What are ETL processes

Ruben Cañadas 06/03/2024 Technology

The origin of the data can be very diverse and it can be found in different formats. For this reason, it is often necessary to standardize the raw information received for better organization within the data warehouse.

What is ETL: functions and phases

The ETL process basically consists of moving data between different sources and applying transformations along the way if necessary.

In many cases it is necessary to migrate information from one database to another or collect information that comes from external servers and store them in a clean, organized manner in a data warehouse, also known as a data warehouse.

We are going to analyze each of the phases of an ETL process:

1. Extraction

This part consists of collecting raw data from different sources of information. Normally the source is flat files or relational databases (SQL).

However, connections can be made to non-relational databases (NoSQL) or information that comes from real-time systems.

In the extraction part, it is also verified that the information received by the sender has the correct format and the necessary structure so that the following ETL steps can take place.

2.Transformation

The transformation part consists of applying certain modifications to the data received from the extraction phase according to a set of business rules.

Some of these transformations consist of calculating new values from existing ones, selecting only certain columns, encoding categorical values, rotating columns and rows through pivoting, etc.

Once the data already complies with the predefined rules, it is time to move on to the next phase: loading.

3.Load

The last phase consists of loading the clean data with the correct structure into the destination system. Normally this data dump is done in a data warehouse. There they are stored safely and can be analyzed and visualized later with BI tools such as Power BI or Tableau.

ELT processes: data lakes

ELT stands for Extract, Load and Transform and is a method that differs from ETL processes in that the transformation of data takes place after loading into the target system. That is, the system that stores the information must be capable of applying the necessary transformations.

In this case, the data storage format consists of a data lake. A data lake is a raw data store which does not have any predefined structure.

We could say that the data is stored in an orderly manner, unlike data warehouses (typical of ETL processes) where the information is stored in an orderly manner following a certain scheme.

The ELT process is typically used in non-relational or NoSQL databases.

Differences between ETL and ELT

There is no better or worse method.
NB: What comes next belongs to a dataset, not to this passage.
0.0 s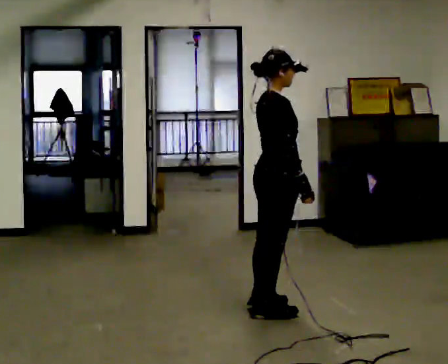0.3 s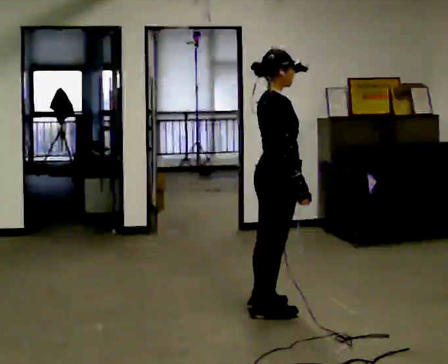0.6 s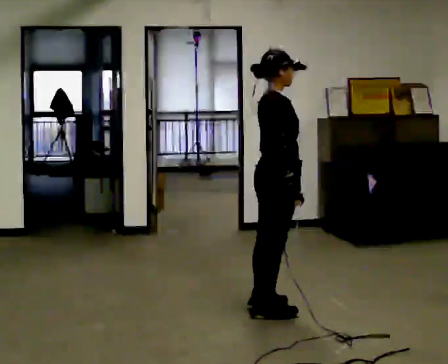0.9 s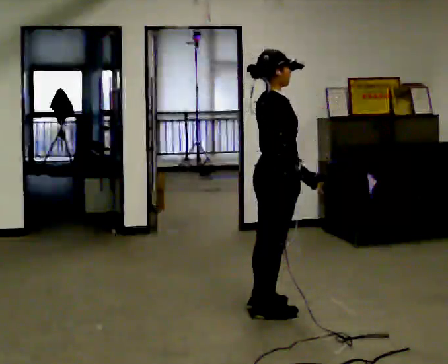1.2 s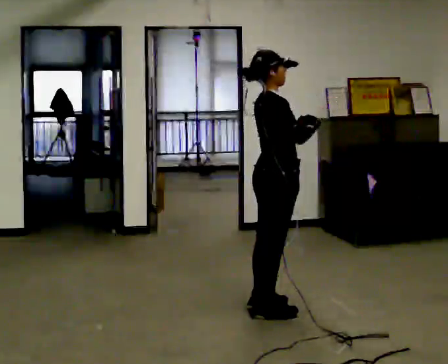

Each process is optimal for certain functionalities.

The Big Data engineer must be able to design a good pipeline according to the needs required in each application.
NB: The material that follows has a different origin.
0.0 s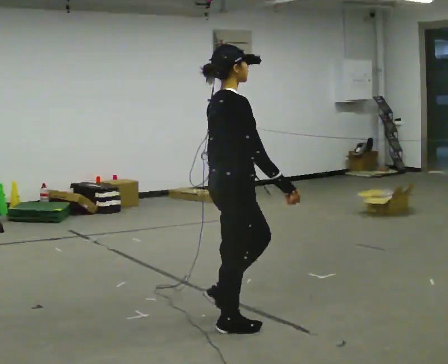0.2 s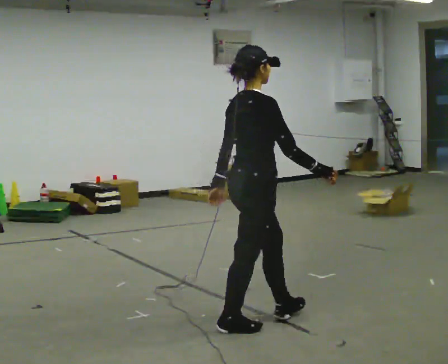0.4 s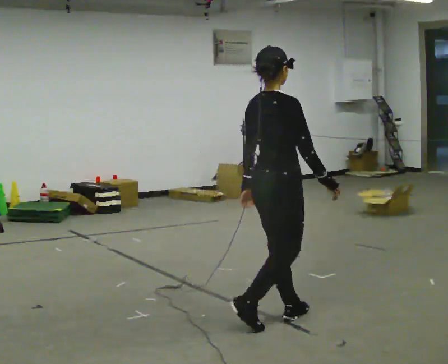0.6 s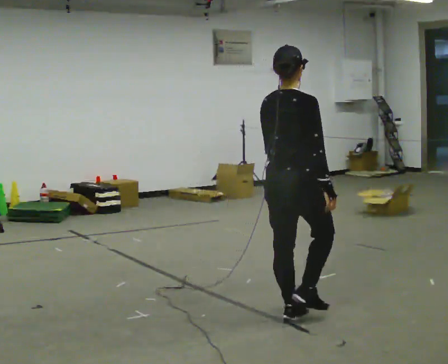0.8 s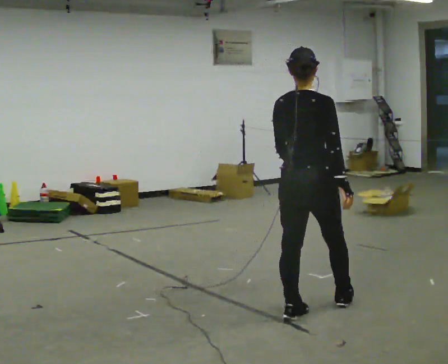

The main difference between ETL and ELT is when the data is processed, cleaned and selected. In the case of ETL it happens before being saved at the destination, so there is some information that is lost during the process.

Instead, ELT, the data is transformed directly at the destination, thus preserving the initial data.
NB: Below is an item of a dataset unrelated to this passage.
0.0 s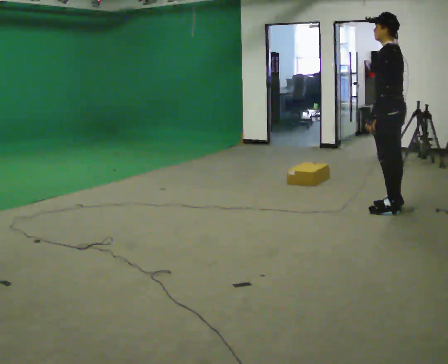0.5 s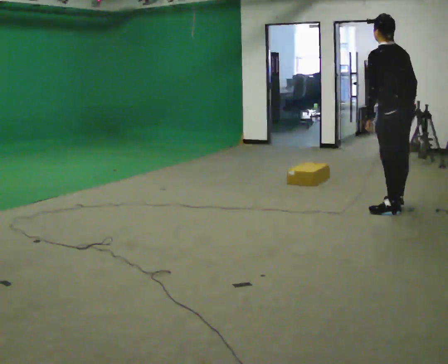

Typically, the storage infrastructure in which an ETL process is used is known as a data warehouse. In the case of ELT processes, this infrastructure is called a data lake. Data lakes do not have any schema, they are raw data and are not ordered.

In contrast, data warehouses are data structures ordered through a predetermined schema.

Using one or the other depends on the objective of the project. For example, if ingestion speed is very important then we will opt for an ELT process since we will not waste time transforming the data before saving it to the destination system.